* **Problem statement**
As the answer, give a copy of each line below that includes the word "ECLI".

* **Materials provided**
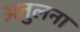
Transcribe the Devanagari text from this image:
अतुलना
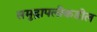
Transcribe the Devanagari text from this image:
समुद्रापलीकडील
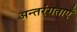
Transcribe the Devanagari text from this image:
अन्तरंगताएँ
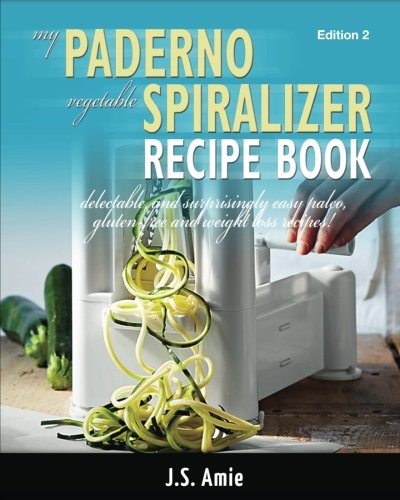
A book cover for My Paderno Vegetable Spiralizer Recipe Book: Delectable and Surprisingly Easy Paleo, Gluten-Free and Weight Loss Recipes! (Spiral Vegetable Series) (Volume 2); J.S. Amie; Cookbooks, Food & Wine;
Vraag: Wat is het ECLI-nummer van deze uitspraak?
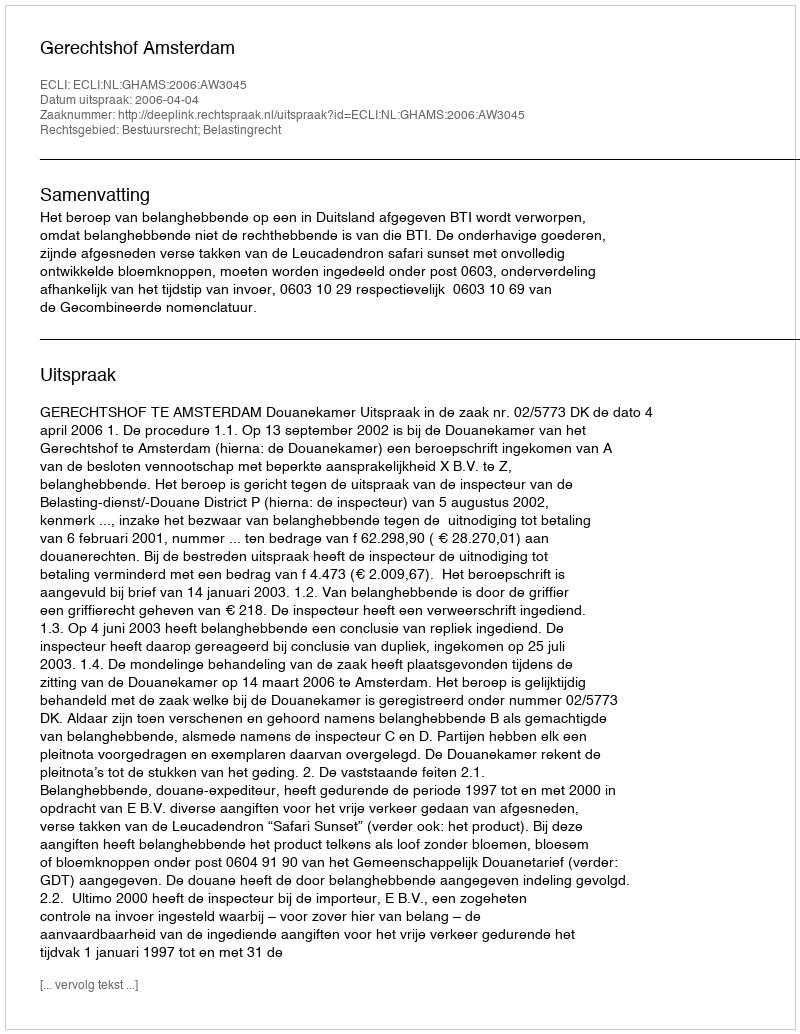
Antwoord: ECLI:NL:GHAMS:2006:AW3045

* **Response box**
Vraag: Wat is het ECLI-nummer van deze uitspraak?
Antwoord: ECLI:NL:GHAMS:2006:AW3045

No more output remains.